Work order: Exact copy, no pictures: repeat the data that follows.

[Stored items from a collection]
• • • • •

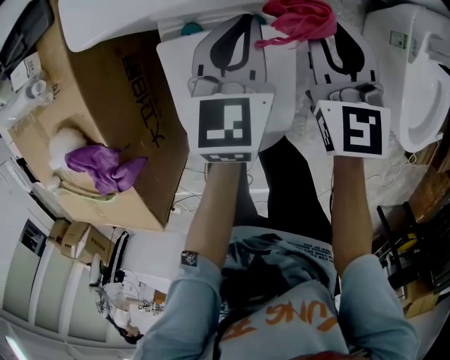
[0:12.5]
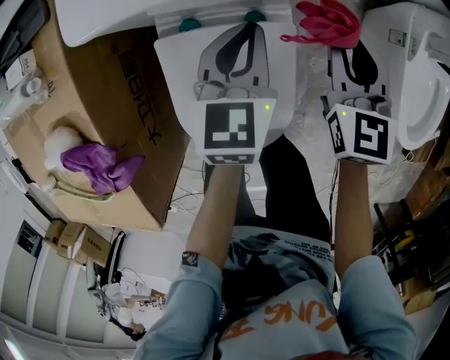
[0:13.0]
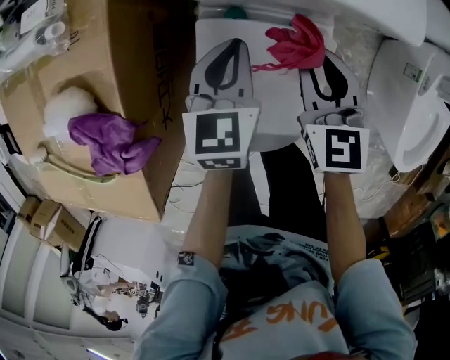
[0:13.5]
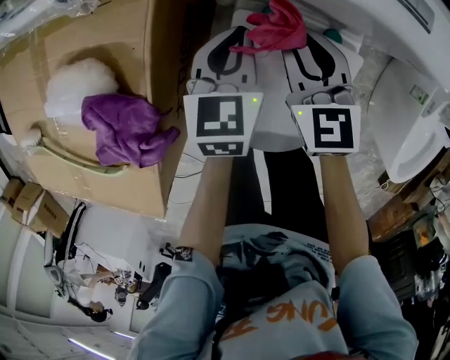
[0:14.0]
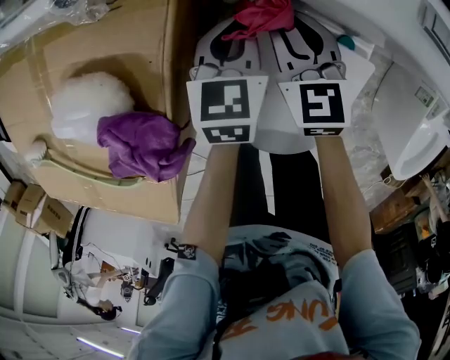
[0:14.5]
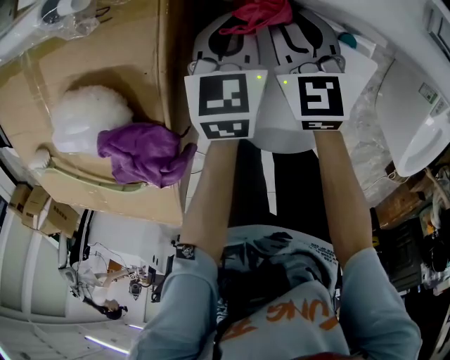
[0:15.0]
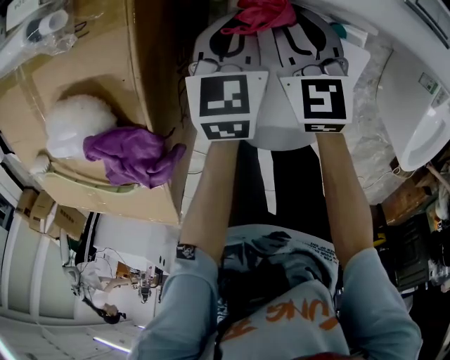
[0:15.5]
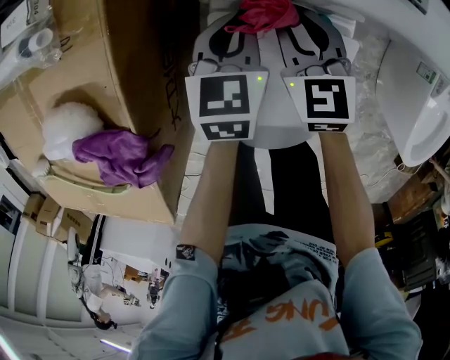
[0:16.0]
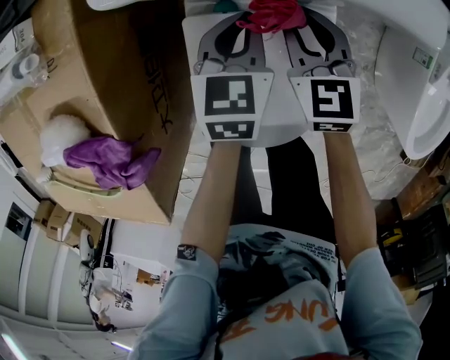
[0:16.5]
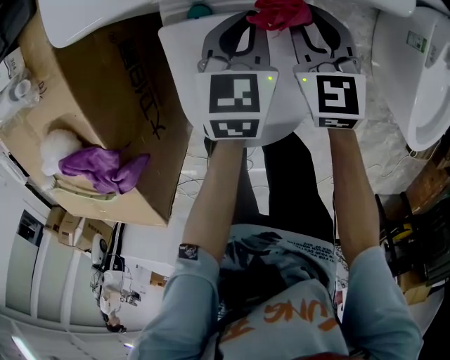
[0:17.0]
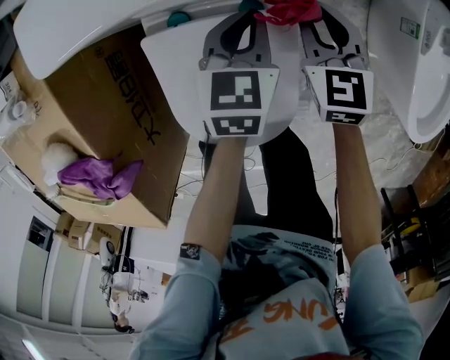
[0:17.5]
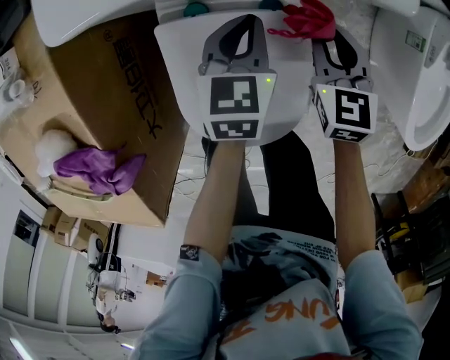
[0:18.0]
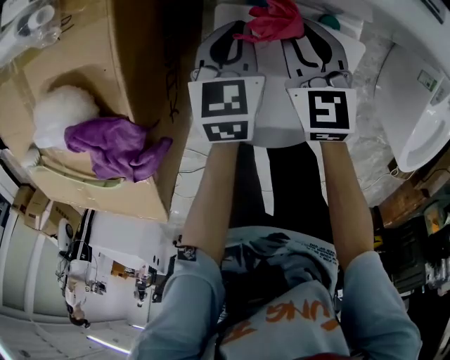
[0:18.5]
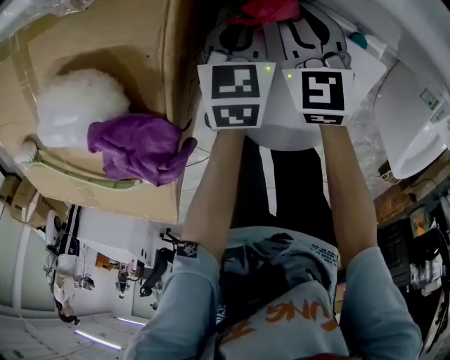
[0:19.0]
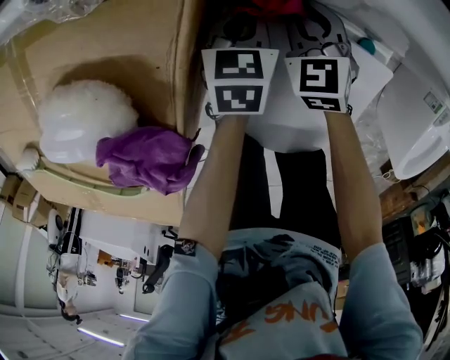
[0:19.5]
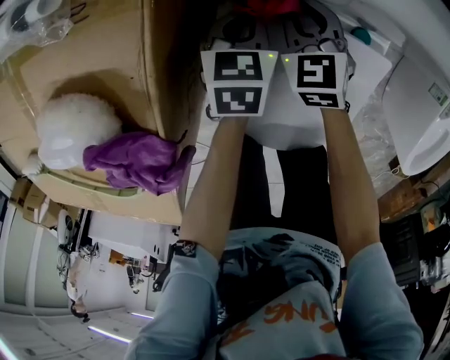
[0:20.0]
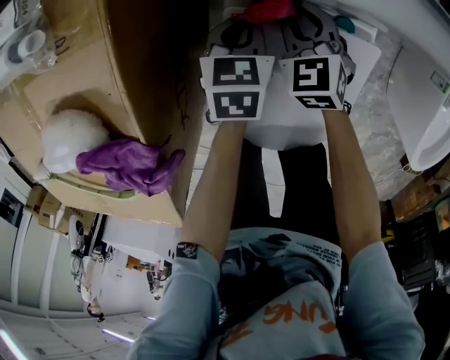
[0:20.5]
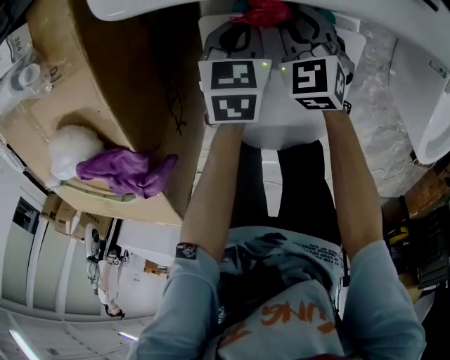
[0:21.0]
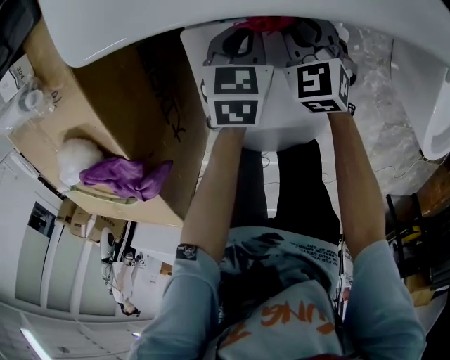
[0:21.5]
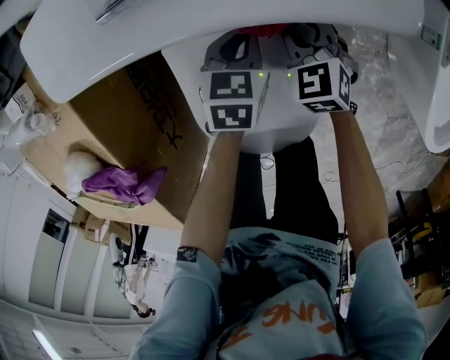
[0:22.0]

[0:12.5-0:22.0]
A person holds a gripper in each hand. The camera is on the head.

• • • • •

Solved exercise:
[0:12.5]
[0:13.0]
[0:13.5]
[0:14.0]
[0:14.5]
[0:15.0]
[0:15.5]
[0:16.0]
[0:16.5]
[0:17.0]
[0:17.5]
[0:18.0]
[0:18.5]
[0:19.0]
[0:19.5]
[0:20.0]
[0:20.5]
[0:21.0]
[0:21.5]
[0:22.0]

[0:12.5-0:22.0]
A person holds a gripper in each hand. The camera is on the head.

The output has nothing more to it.